How do you convert a fluorescent light strip that is set up for hardwire to a DC power supply?


----------



## pl259 (Feb 27, 2006)

If I understand you correctly, you have a fluorescent light fixture that runs off of a DC voltage. In order to use the fixture on 120VAC, you can either use a DC power supply or replace the ballast. 

What voltage does the fixture currently run off of?


----------



## Totoro (Mar 14, 2007)

Thanks for your reply, actually I have a light strip that I basically want to plug into the wall. I was wondering if there was a way to strip the wires and hook it up to a DC power supply (I've done similar to wire a computer fan to plug into the wall). Sorry if I'm not using the right terms,


----------



## pl259 (Feb 27, 2006)

I can't give you specific answers without knowing the details about the light strip. All fluorescent light fixtures use a ballast. The ballast converts a specfic input voltage to the voltage and current necessary for the fluorescent bulb to light and stay lit. Some ballasts are designed to use a DC input voltage, like from a 12V battery, other ballasts are designed to work from an AC input voltage, like from your wall. 
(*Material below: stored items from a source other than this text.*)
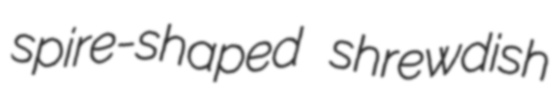
spire-shaped shrewdish
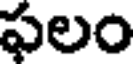
ఫలం
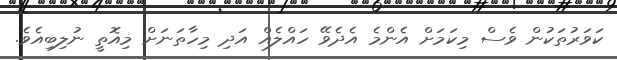
ކަވަރުތަކުން ވެސް މިކަމަށް އެންމެ އެދެވޭ ހައްލެއް އަދި މިހާތަނަށް މިއޮތީ ނުލިބިއެވެ.
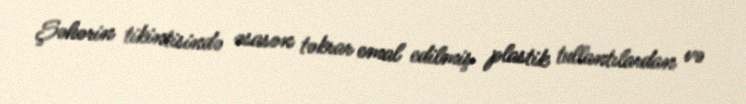
Şəhərin tikintisində əsasən təkrar emal edilmiş plastik tullantılardan və
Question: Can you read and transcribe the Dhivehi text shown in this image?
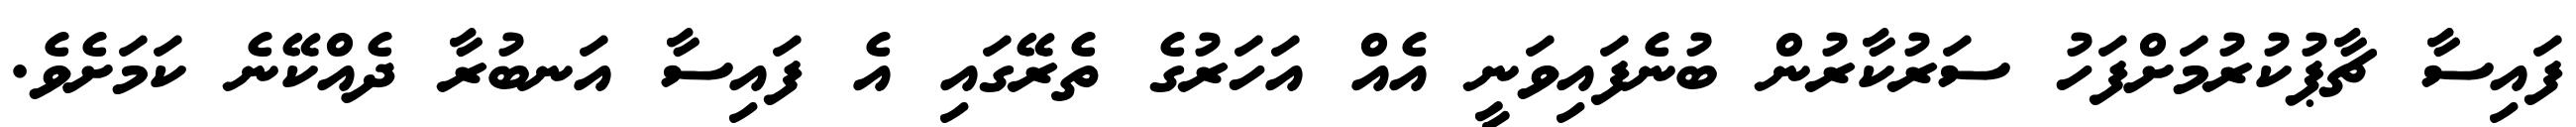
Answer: ފައިސާ ޗާޕުކުރުމަށްފަހު ސަރުކާރުން ބުނެފައިވަނީ އެއް އަހަރުގެ ތެރޭގައި އެ ފައިސާ އަނބުރާ ދެއްކޭނެ ކަމަށެވެ.
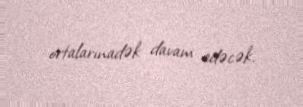
ortalarınadək davam edəcək.
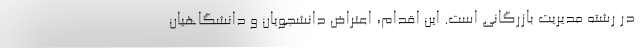
در رشته مدیریت بازرگانی است. این اقدام، اعتراض دانشجویان و دانشگاهیان
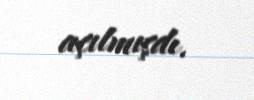
açılmışdı.
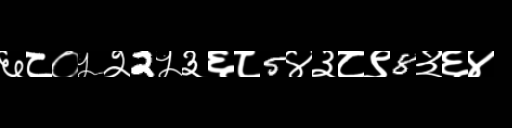
Text: ६८०५२2५३६८5४३८९8३६४
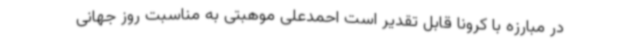
در مبارزه با کرونا قابل تقدیر است احمدعلی موهبتی به مناسبت روز جهانی
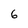
Character: 6
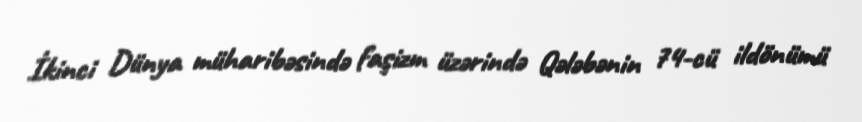
İkinci Dünya müharibəsində faşizm üzərində Qələbənin 74-cü ildönümü
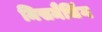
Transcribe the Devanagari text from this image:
मिसमैचिंग
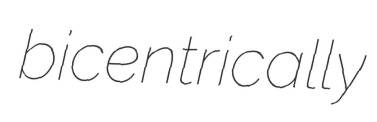
bicentrically
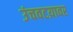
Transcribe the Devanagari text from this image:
उंचवटय़ावर
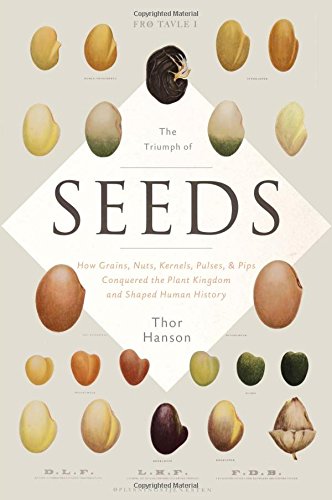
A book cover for The Triumph of Seeds: How Grains, Nuts, Kernels, Pulses, and Pips Conquered the Plant Kingdom and Shaped Human History; Thor Hanson; Engineering & Transportation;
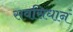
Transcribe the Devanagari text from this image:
सवसिधानं
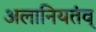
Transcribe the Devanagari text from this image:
अलानियतंव्
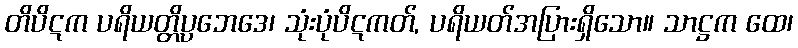
တိပိဋက ပရိယတ္တိပ္ပဘေဒေ၊ သုံးပုံပိဋကတ်, ပရိယတ်အပြားရှိသော။ သာဋ္ဌက ထေ၊
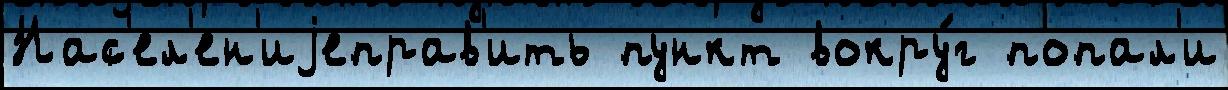
Нас'ел'ен'иjеправ'ить пункт вокру́г попал'и
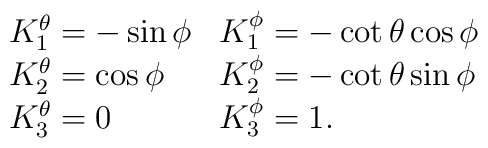
\begin{array}{l l }K_{1}^{\theta}=-\sin\phi  &K_{1}^{\phi}=-\cot\theta\cos\phi \\ K_{2}^{\theta}=\cos\phi &K_{2}^{\phi}=-\cot\theta\sin\phi  \\K_{3}^{\theta}=0  &K_{3}^{\phi}= 1  . \\\end{array}
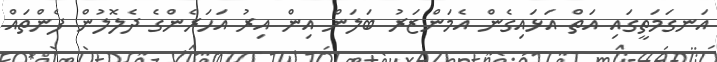
އަނގަމަތީގައި އަތް އަޅައިގެން އެމަންޒަރު ބަލަން އިން އިރު އަހަރެންގެ ދެލޮލުން ފެންތައް
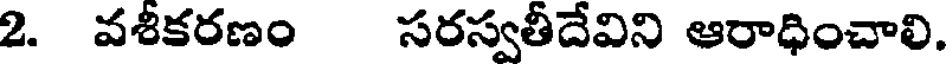
2. వశీకరణం సరస్వతీదేవిని ఆరాధించాలి.
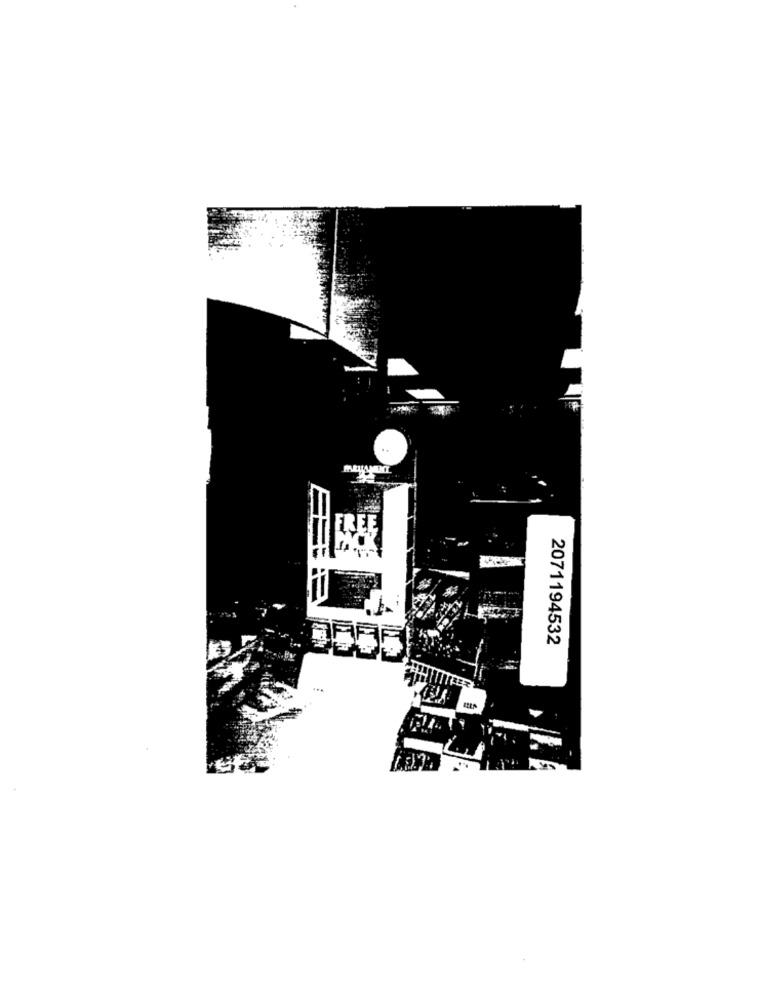
..
2071194532
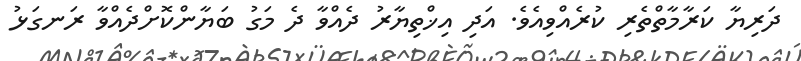
ދަރިޔާ ކަރާމާތްތެރި ކުރެއްވިއެވެ. އަދި އިޚްތިޔާރު ދެއްވާ ދެ މަގު ބަޔާންކޮށްދެއްވާ ރަނގަޅު
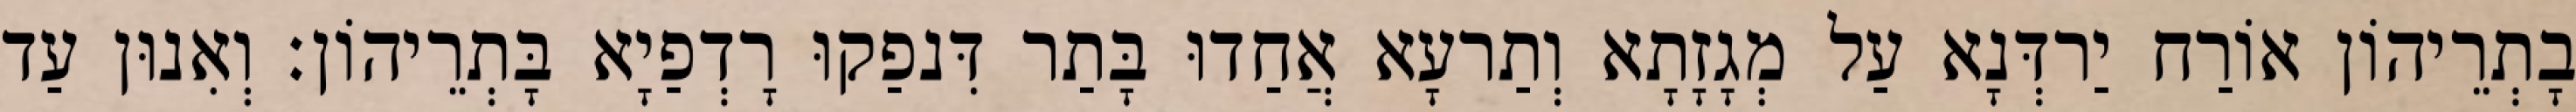
בָתְרֵיהוֹן אוֹרַח יַרדְּנָא עַל מְגָזָתָא וְתַרעָא אֲחַדוּ בָּתַר דִּנפַקוּ רָדְפַיָא בָּתְרֵיהוֹן׃ וְאִנוּן עַד
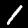
Digit: 1
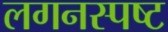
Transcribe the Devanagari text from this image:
लगनस्पष्ट
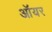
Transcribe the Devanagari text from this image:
ऑयर
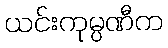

Can you open up the fixture, read and post what the ballast specifications are? I wouldn't go stripping wires and hooking it up to anything, until you know what the input requirements of the ballast are.


----------



## NathanB (Jan 21, 2008)

if its just a normal fixture that is setup to be hardwired all you have to do is add a wire with a plug on it. What makes you think it needs dc power?


----------



## Toby_H (Apr 6, 2009)

AC - Alternating Current; is what your wall outlet has to offer...
DC - Direct Current; is what your car battery has to offer...

Many such strip lights are set up with the proper ballast so all you have to do is wire them to a plug and plug tyhem into the wall...

If you are not sure if yours is set up to do so, please read the information on the ballast and it should tell you what input is needed... AC - 120V is what you will get if you plug it into the wall...

If your strip light is suggesting a different input, then you will want to change the ballast. Although it may be just as cheap to just buy a new strip light that is designed for your situation. They are quite common.

If your strip light is calling for AC 120V, then you should be able to simply attach a wire w/ a plug to it and you're all set.


----------